É enorme o arco de alianças políticas no Congresso cujos membros se
beneficiam por pertencer à "base aliada" do governo. Calam-se diante do mensalão e demais transgressões, como se o "hegemonismo petista" que os mantém seja compatível com a democracia.
Que dizer então da parte da elite empresarial que se ceva dos
empréstimos públicos e emudece diante dos malfeitos do petismo e de seus acólitos? Ou da outrora combativa liderança sindical, hoje acomodada nas benesses do poder?
Nada há de novo no que escrevo. Muitos sabem que o rei está nu, e
poucos bradam. Dai a descrença sobre a elite política reinante na opinião pública mais esclarecida. Quando alguém dá o nome aos bois, como, no caso, o ministro Joaquim Barbosa, que estruturou o processo e desnudou a corrupção, teme-se que, ao deixar a presidênc ia do STF, a onda moralizante dê marcha a ré. É evidente, pois, a descrença nas instituições. A tal ponto que se crê mais nas pessoas, sem perceber
que por esse caminho voltaremos aos salvadores da pátria. São sinais
alarmantes.
Os seguidores do lulo-petismo, por serem crédulos, talvez sejam menos
responsáveis pela situação a que chegamos do que os cínicos, os medrosos, os oportunistas, as elites interesseiras que fingem não ver o que está à vista de todos. Que dizer então das práticas políticas?
Não dá mais!
Estamos a ver as manobras preparatórias para mais uma campanha
eleitoral sob o signo do embuste. A candidata oficial, pela posição que ocupa, tem cada ato multiplicado pelos meios de comunicação. Como o exercício do poder se confundiu, na prática, com a campanha eleitoral, entramos já em período de disputa. Disputa desigual, na qual só um lado fala, e as oposições, mesmo que berrem, não encontram eco. E sejamos francos: estamos berrando pouco.

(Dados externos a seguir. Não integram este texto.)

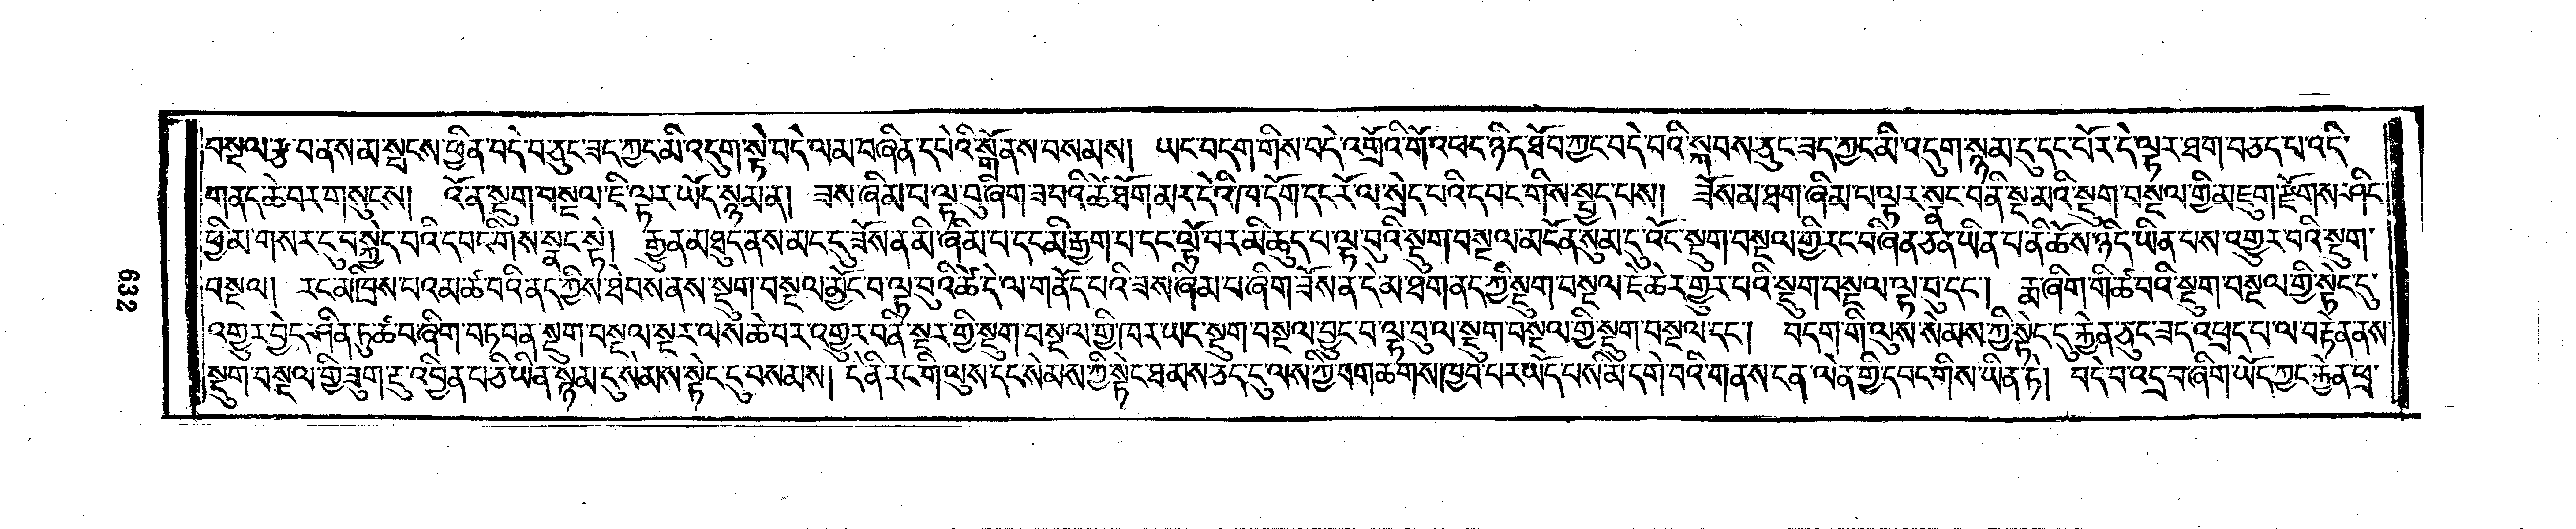བསྔལ་རྩ་བ་ནས་མ་སྤངས་ཕྱིན་བདེ་བ་ཅུང་ཟད་ཀྱང་མི་འདུག་སྟེ་བདེ་ལམ་བཞིན་དཔེའི་སྒོ་ནས་བསམས། ཡང་བདག་གིས་བདེ་འགྲོའི་གོ་འཕང་ཉིད་ཐོབ་ཀྱང་བདེ་བའི་སྐབས་ཅུང་ཟད་ཀྱང་མི་འདུག་སྙམ་དུ་དང་པོར་དེ་ལྟར་ཐག་བཅད་པ་འདི་
གནད་ཆེ་བར་གསུངས། འོ་ན་སྡུག་བསྔལ་ཇི་ལྟར་ཡོད་སྙམ་ན། ཟས་ཞིམ་པ་ལྟ་བུ་ཞིག་ཟ་པའི་ཚེ་ཐོག་མར་དེའི་ཁ་དོག་དང་རོལ་སྲེད་པའི་དབང་གིས་སྤྱད་པས། ཟོས་མ་ཐག་ཞིམ་པ་ལྟར་སྣང་བ་ནི་སྔ་མའི་སྡུག་བསྔལ་གྱི་མཇུག་རྫོགས་ཤིང་
ཕྱི་མ་གསར་དུ་བསྐྱེད་པའི་དབང་གིས་སྣང་སྟེ། རྒྱུན་མཐུད་ནས་མང་དུ་ཟོས་ན་མི་ཞིམ་པ་དང་མི་རྒྱག་པ་དང་ལྟོ་བར་མི་ཆུད་པ་ལྟ་བུའི་སྡུག་བསྔལ་མངོན་སུམ་དུ་འོང་སྡུག་བསྔལ་གྱི་རང་བཞིན་ཅན་ཡིན་པ་ནི་ཆོས་ཉིད་ཡིན་པས་འགྱུར་བའི་སྡུག་
བསྔལ། རང་མཁྲིས་པའམ་ཚ་བའི་ནད་ཀྱིས་ཐེབས་ནས་སྡུག་བསྔལ་མྱོང་བ་ལྟ་བུའི་ཚེ་དེ་ལ་གནོད་པའི་ཟས་ཞིམ་པ་ཞིག་ཟོས་ན་དེ་མ་ཐག་ནད་ཀྱི་སྡུག་བསྔལ་ཇེ་ཆེར་གྱུར་པའི་སྡུག་བསྔལ་ལྟ་བུ་དང་། རྨ་ཞིག་གི་ཚ་བའི་སྡུག་བསྔལ་གྱི་སྟེང་དུ་
འགྱུར་བྱེད་ཤིན་ཏུ་ཚ་བ་ཞིག་བཏབ་ན་སྡུག་བསྔལ་སྔར་ལས་ཆེ་བར་འགྱུར་བ་ནི་སྔར་གྱི་སྡུག་བསྔལ་གྱི་ཁར་ཡང་སྡུག་བསྔལ་བྱུང་བ་ལྟ་བུ་ལ་སྡུག་བསྔལ་གྱི་སྡུག་བསྔལ་དང་། བདག་གི་ལུས་སེམས་ཀྱི་སྟེང་དུ་རྐྱེན་ཅུང་ཟད་འཕྲད་པ་ལ་བརྟེན་ནས་
སྡུག་བསྔལ་གྱི་ཟུག་རྡུ་འབྱིན་པ་ཅི་ཡིན་སྙམ་དུ་སེམས་སྟེང་དུ་བསམས། དེ་ནི་རང་གི་ལུས་དང་སེམས་ཀྱི་སྟེང་ཐམས་ཅད་དུ་ལས་ཀྱི་བག་ཆགས་ཁྱབ་པར་ཡོད་བས་མི་དགེ་བའི་གནས་ངན་ལེན་གྱི་དབང་གིས་ཡིན་ཏེ། བདེ་བ་འདྲ་བ་ཞིག་ཡོད་ཀྱང་རྐྱེན་ཕྲ་

É preciso dizer com coragem, simplicidade e de modo direto, como
fizeram alguns ministros do Supremo, que a democracia não se compagina com a corrupção nem com as distorções que levam ao favorecimento dos amigos. Não estamos diante de um quadro eleitoral normal.
A hegemonia de um partido que não consegue se deslindar de crenças
salvacionistas e autoritárias, o acovardamento de outros e a impotência das oposições estão permitindo a montagem de um sistema de poder que, se duradouro, acarretará riscos de regressão irreversível.
Escudado nos cofres públicos, o governo do PT abusa do crédito fácil
que agrada não só aos consumidores, mas, em volume muito maior, aos audaciosos que montam suas estratégias empresariais nas facilidades dadas aos amigos do rei. A infiltração dos órgãos de Estado pela militância ávida e por oportunistas que querem se beneficiar do Estado distorce as práticas republicanas.
Tudo isso é arquissabido. Falta dar um basta aos desmandos, processo
que, numa democracia, só tem um caminho: as urnas. É preciso desfazer na consciência popular, com sinceridade e clareza, o manto de ilusões com que o lulo-petismo vendeu seu peixe. Com a palavra, as oposições e quem mais tenha consciência dos perigos que corremos.